Cameron has repeatedly argued that the Islamic State is planning strikes in the UK and elsewhere in the West.

In September, he identified Reyaad Khan and Junaid Hussain, both of whom were killed in airstrikes, as "British nationals based in Syria who were involved in actively recruiting [Islamic State] sympathizers and seeking to orchestrate specific and barbaric attacks against the West, including directing a number of planned terrorist attacks right here in Britain, such as plots to attack high profile public commemorations, including those taking place this summer." Khan was killed in a Royal Air Force (RAF) drone strike on August 21, while Hussain perished in an American airstrike in Raqqa three days later, on August 24. [See LWJ report, Prime Minister says 2 British nationals killed in airstrikes were plotting attacks.]

In his recent testimony, Cameron cited a number of statistics to highlight the ongoing threat. He noted that the Islamic State "targets our young people, using sophisticated grooming techniques to lure them to Syria."

Approximately "800 British individuals of national security concern have traveled to Syria since the conflict began" and "[m]any have joined ISIL and other terrorist groups."

"Of those who are known to have traveled," Cameron claimed, "about half have returned" and "many of those who remain in Syria, pose a threat to our security."

According to Cameron, there "were 299 arrests in the UK in the year ending 31 March 2015 for terrorism-related offenses," which is "an increase of 31% compared with the previous year and the highest number since data collection began in 2001."

Britain has already increased its role in Iraq, where Cameron claims "Iraqi forces have halted ISIL's advance and recovered 30% of the territory it had captured." There is no doubt the Islamic State has suffered some key losses in Sinjar, Tikrit and Baiji. But it is not clear if these losses constitute 30 percent of its total territorial holdings, as Cameron claimed, because the jihadists still control Mosul and other significant areas.

Regardless, Cameron argued that any strategy to combat the Islamic State makes little sense if the "caliphate" is not confronted in its de facto capital of Raqqa.

"As pressure on ISIL in Iraq has grown, and as we have learned more about the threat that ISIL poses to Britain and our allies, we have increasingly been confronted by a significant handicap in our ability to respond to that threat: the fact that British Forces are currently restricted to taking direct military action against ISIL only in Iraq," Cameron pointed out.

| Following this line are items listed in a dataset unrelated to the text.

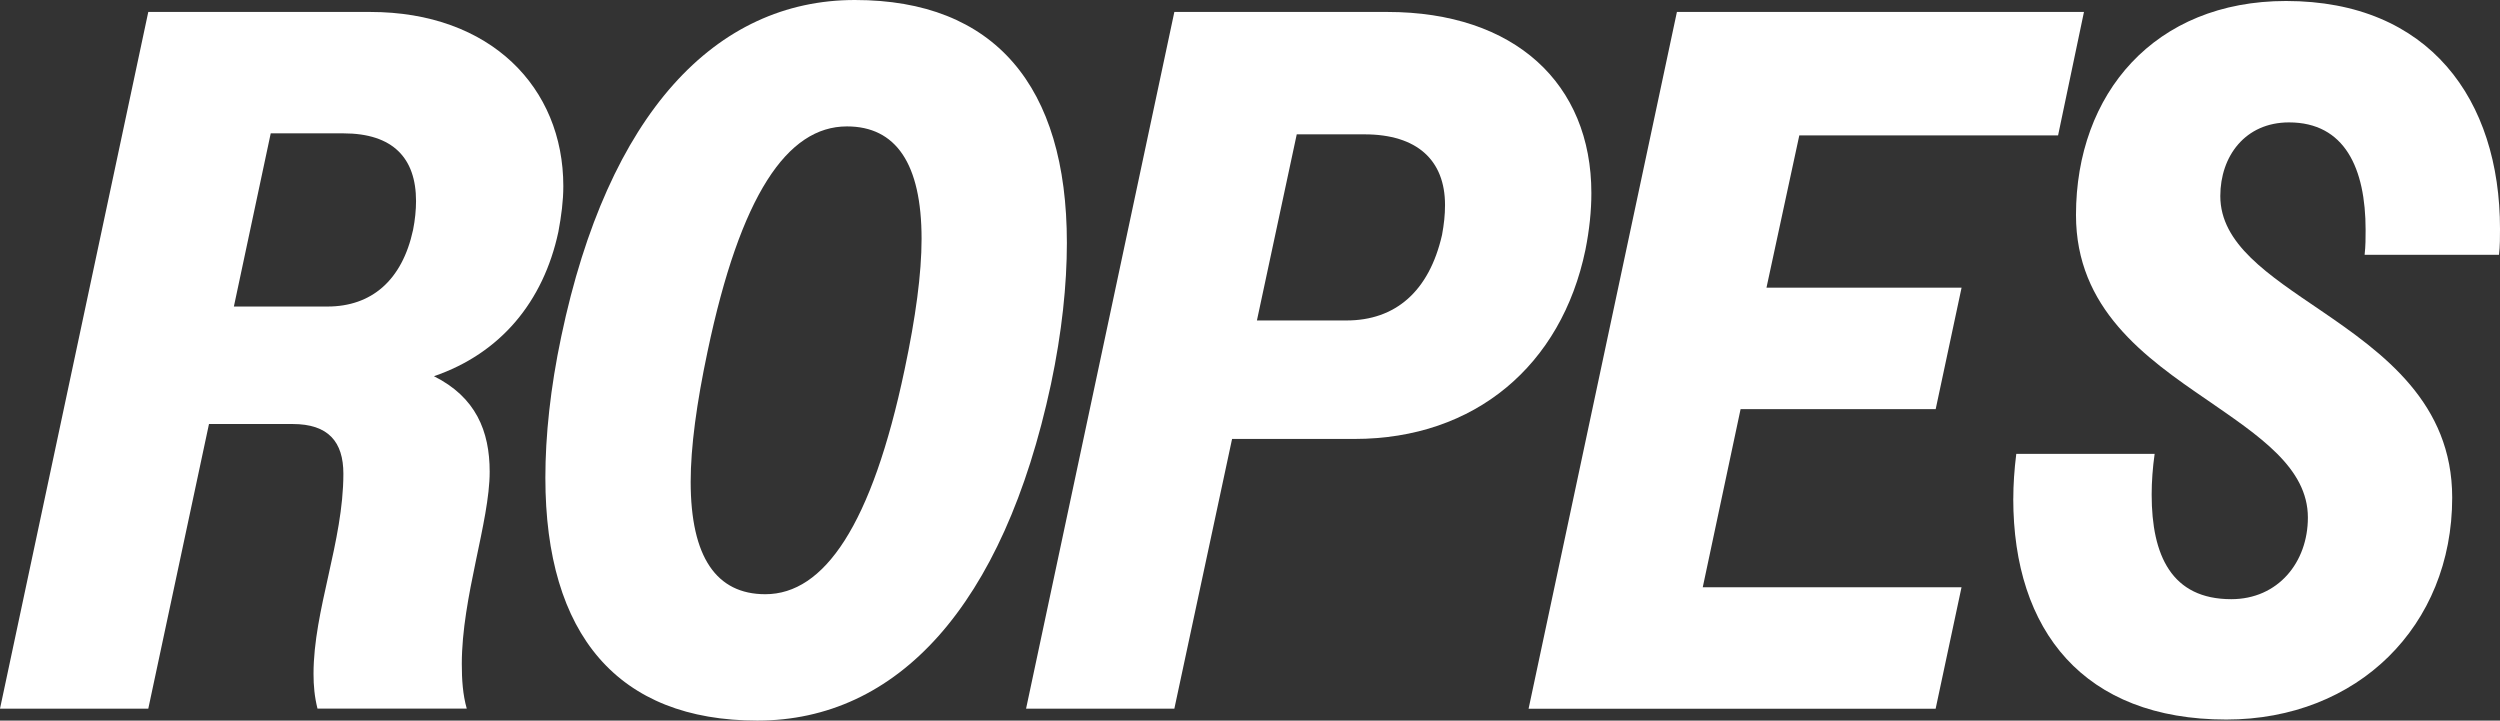 <?xml version="1.0" encoding="UTF-8"?>
<svg id="Layer_1" xmlns="http://www.w3.org/2000/svg" viewBox="0 0 504.11 145.3">
  <rect x="0" y="0" width="504.11" height="145.3" fill="#333333" stroke="none"/>
  <defs>
    <style>
      .cls-1 {
        fill: #fff;
      }
    </style>
  </defs>
  <path class="cls-1" d="M29.9,2.41h44.75c24.29,0,38.94,15.25,38.94,35.12,0,3.01-.4,6.02-1,9.23-3.01,14.05-11.64,24.49-25.09,29.1,8.43,4.22,11.24,11.04,11.24,19.27,0,10.04-5.62,25.29-5.62,38.73,0,3.21.2,6.22,1,9.03h-30.1c-.6-2.41-.8-4.62-.8-7.02,0-12.84,6.02-26.69,6.02-40.34,0-6.42-3.01-10.03-10.24-10.03h-16.86l-12.24,57.4H0L29.9,2.41ZM54.59,26.89l-7.43,34.92h18.87c8.83,0,15.05-5.22,17.26-15.45.4-2.01.6-4.02.6-5.82,0-8.63-4.62-13.65-14.65-13.65h-14.65Z"/>
  <path class="cls-1" d="M109.97,96.33c0-8.43,1-18.06,3.21-28.5C122.61,22.88,144.29,0,172.38,0s42.75,17.26,42.75,48.97c0,8.43-1,18.06-3.21,28.5-9.63,44.96-31.11,67.83-59.2,67.83s-42.75-17.26-42.75-48.97ZM182.42,74.46c2.21-10.44,3.41-19.27,3.41-26.29,0-15.25-5.22-22.68-15.05-22.68-12.04,0-21.48,13.85-28.1,45.36-2.21,10.44-3.41,19.27-3.41,26.29,0,15.25,5.22,22.68,15.05,22.68,11.84,0,21.48-13.85,28.1-45.36Z"/>
  <path class="cls-1" d="M236.8,2.41h42.95c25.69,0,41.14,14.45,41.14,36.53,0,3.61-.4,7.43-1.2,11.44-4.82,23.28-22.28,38.13-46.56,38.13h-24.69l-11.64,54.39h-29.9L236.8,2.41ZM261.48,27.09l-8.03,37.53h18.06c9.83,0,16.66-5.82,19.27-17.26.4-2.21.6-4.01.6-6.02,0-9.03-5.62-14.25-16.25-14.25h-13.65Z"/>
  <path class="cls-1" d="M338.14,2.41h82.08l-5.22,24.89h-52.18l-6.62,30.71h39.34l-5.22,24.49h-39.34l-7.63,35.92h52.18l-5.22,24.49h-82.08L338.14,2.41Z"/>
  <path class="cls-1" d="M405.97,100.55c0-2.81.2-5.82.6-9.03h27.9c-.4,2.81-.6,5.62-.6,8.23,0,12.24,4.01,21.07,16.05,21.07,9.43,0,15.45-7.43,15.45-16.46,0-10.03-9.83-16.46-20.27-23.68-12.64-8.63-26.49-18.46-26.49-37.33,0-24.49,15.85-43.15,42.35-43.15,28.9,0,43.15,19.87,43.15,45.96,0,1.61,0,3.41-.2,5.22h-27.1c.2-1.81.2-3.41.2-5.02,0-12.44-4.21-21.68-15.45-21.68-8.83,0-13.85,6.82-13.85,14.85,0,9.63,9.63,15.85,20.27,23.08,12.64,8.63,26.49,18.66,26.49,37.73,0,25.89-19.06,44.75-45.56,44.75-28.7,0-42.95-17.86-42.95-44.55Z"/>
</svg>

"This restriction has never made military sense." Cameron elaborated: "ISIL does not recognize the border between Syria and Iraq," as "it operates in a single ungoverned space that straddles both countries." Moreover, the group's "practical and ideological headquarters are in Raqqa…from where it conducts its attack planning, operations and recruitment."

Cameron made a strong call to action, saying the West does "not have the luxury of being able to wait until the Syrian conflict is resolved before tackling ISIL."

"Nor should we wait until an attack takes place here: we should act in advance, recognizing that there are inherent risks in any course," Cameron wrote to parliament.

"There will be those who say that the UK might become more of a target by taking a greater role in the international effort to counter ISIL," Cameron noted. "The reality is that the threat posed by ISIL to the UK is already very high. ISIL already views the UK, along with other Western countries, as a legitimate target for its attacks."